EXERCISE OBJECTIVE:
Give back all of the data exactly as it stands, with the pictures removed.

Records from a data source
== Segment start ==

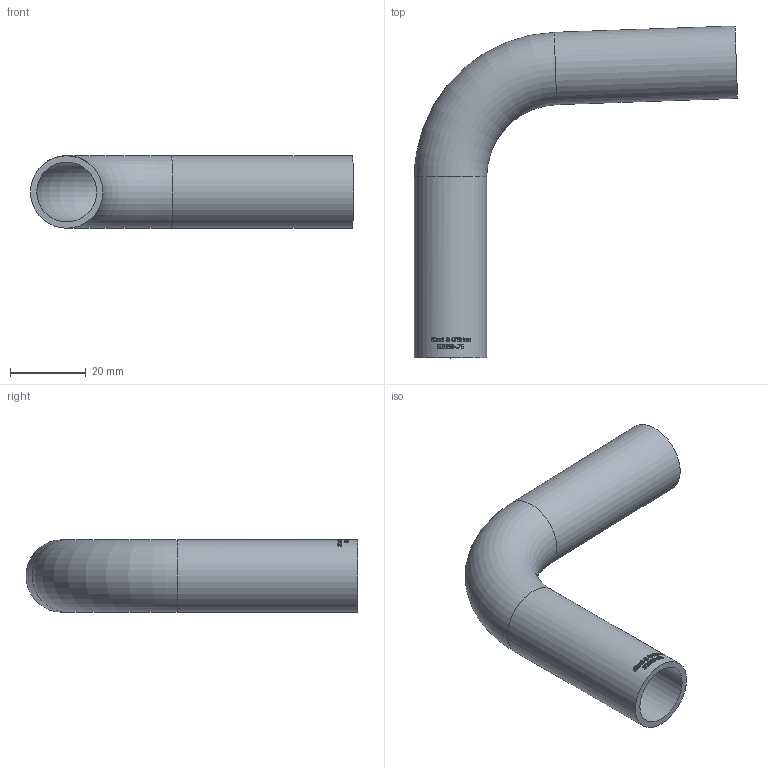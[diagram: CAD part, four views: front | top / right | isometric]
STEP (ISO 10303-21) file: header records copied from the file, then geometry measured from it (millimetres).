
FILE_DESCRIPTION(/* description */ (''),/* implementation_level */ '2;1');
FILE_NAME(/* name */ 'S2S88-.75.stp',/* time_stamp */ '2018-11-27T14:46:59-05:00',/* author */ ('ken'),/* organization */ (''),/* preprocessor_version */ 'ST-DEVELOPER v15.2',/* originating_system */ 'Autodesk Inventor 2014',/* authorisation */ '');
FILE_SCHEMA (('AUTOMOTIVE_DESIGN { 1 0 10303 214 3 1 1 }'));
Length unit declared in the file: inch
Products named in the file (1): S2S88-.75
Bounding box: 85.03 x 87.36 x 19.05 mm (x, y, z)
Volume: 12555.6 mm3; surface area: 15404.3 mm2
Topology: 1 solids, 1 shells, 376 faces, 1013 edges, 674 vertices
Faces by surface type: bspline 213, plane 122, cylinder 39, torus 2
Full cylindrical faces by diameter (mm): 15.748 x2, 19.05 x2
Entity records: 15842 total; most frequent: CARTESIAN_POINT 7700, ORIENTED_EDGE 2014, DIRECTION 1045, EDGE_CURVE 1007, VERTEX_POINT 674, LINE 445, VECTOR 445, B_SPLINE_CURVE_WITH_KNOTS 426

== Segment end ==

TASK RESULT:
[diagram: CAD part, four views: front | top / right | isometric]
STEP (ISO 10303-21) file: header records copied from the file, then geometry measured from it (millimetres).
FILE_DESCRIPTION(/* description */ (''),/* implementation_level */ '2;1');
FILE_NAME(/* name */ 'S2S88-.75.stp',/* time_stamp */ '2018-11-27T14:46:59-05:00',/* author */ ('ken'),/* organization */ (''),/* preprocessor_version */ 'ST-DEVELOPER v15.2',/* originating_system */ 'Autodesk Inventor 2014',/* authorisation */ '');
FILE_SCHEMA (('AUTOMOTIVE_DESIGN { 1 0 10303 214 3 1 1 }'));
Length unit declared in the file: inch
Products named in the file (1): S2S88-.75
Bounding box: 85.03 x 87.36 x 19.05 mm (x, y, z)
Volume: 12555.6 mm3; surface area: 15404.3 mm2
Topology: 1 solids, 1 shells, 376 faces, 1013 edges, 674 vertices
Faces by surface type: bspline 213, plane 122, cylinder 39, torus 2
Full cylindrical faces by diameter (mm): 15.748 x2, 19.05 x2
Entity records: 15842 total; most frequent: CARTESIAN_POINT 7700, ORIENTED_EDGE 2014, DIRECTION 1045, EDGE_CURVE 1007, VERTEX_POINT 674, LINE 445, VECTOR 445, B_SPLINE_CURVE_WITH_KNOTS 426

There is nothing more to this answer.